__TO DO__
The required output is every line from the one with "Cardiomegaly: negative" through the final line of the data below, unchanged.

__MATERIAL FOR THIS TASK__

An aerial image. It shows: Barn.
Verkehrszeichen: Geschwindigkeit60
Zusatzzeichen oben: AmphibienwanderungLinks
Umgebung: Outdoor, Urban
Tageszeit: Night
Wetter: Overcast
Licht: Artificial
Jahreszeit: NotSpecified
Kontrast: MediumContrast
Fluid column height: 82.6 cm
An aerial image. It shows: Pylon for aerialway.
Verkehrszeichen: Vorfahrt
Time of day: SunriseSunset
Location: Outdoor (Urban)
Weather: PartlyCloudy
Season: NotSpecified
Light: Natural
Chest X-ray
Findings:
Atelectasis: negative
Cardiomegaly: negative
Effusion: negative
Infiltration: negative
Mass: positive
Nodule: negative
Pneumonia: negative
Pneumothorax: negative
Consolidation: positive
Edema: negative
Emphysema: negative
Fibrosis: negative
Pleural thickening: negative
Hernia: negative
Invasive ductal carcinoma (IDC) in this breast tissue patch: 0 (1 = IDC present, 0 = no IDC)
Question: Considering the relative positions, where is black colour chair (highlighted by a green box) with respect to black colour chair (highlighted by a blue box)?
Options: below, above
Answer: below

__EXERCISE ANSWER__
Cardiomegaly: negative
Effusion: negative
Infiltration: negative
Mass: positive
Nodule: negative
Pneumonia: negative
Pneumothorax: negative
Consolidation: positive
Edema: negative
Emphysema: negative
Fibrosis: negative
Pleural thickening: negative
Hernia: negative
Invasive ductal carcinoma (IDC) in this breast tissue patch: 0 (1 = IDC present, 0 = no IDC)
Question: Considering the relative positions, where is black colour chair (highlighted by a green box) with respect to black colour chair (highlighted by a blue box)?
Options: below, above
Answer: below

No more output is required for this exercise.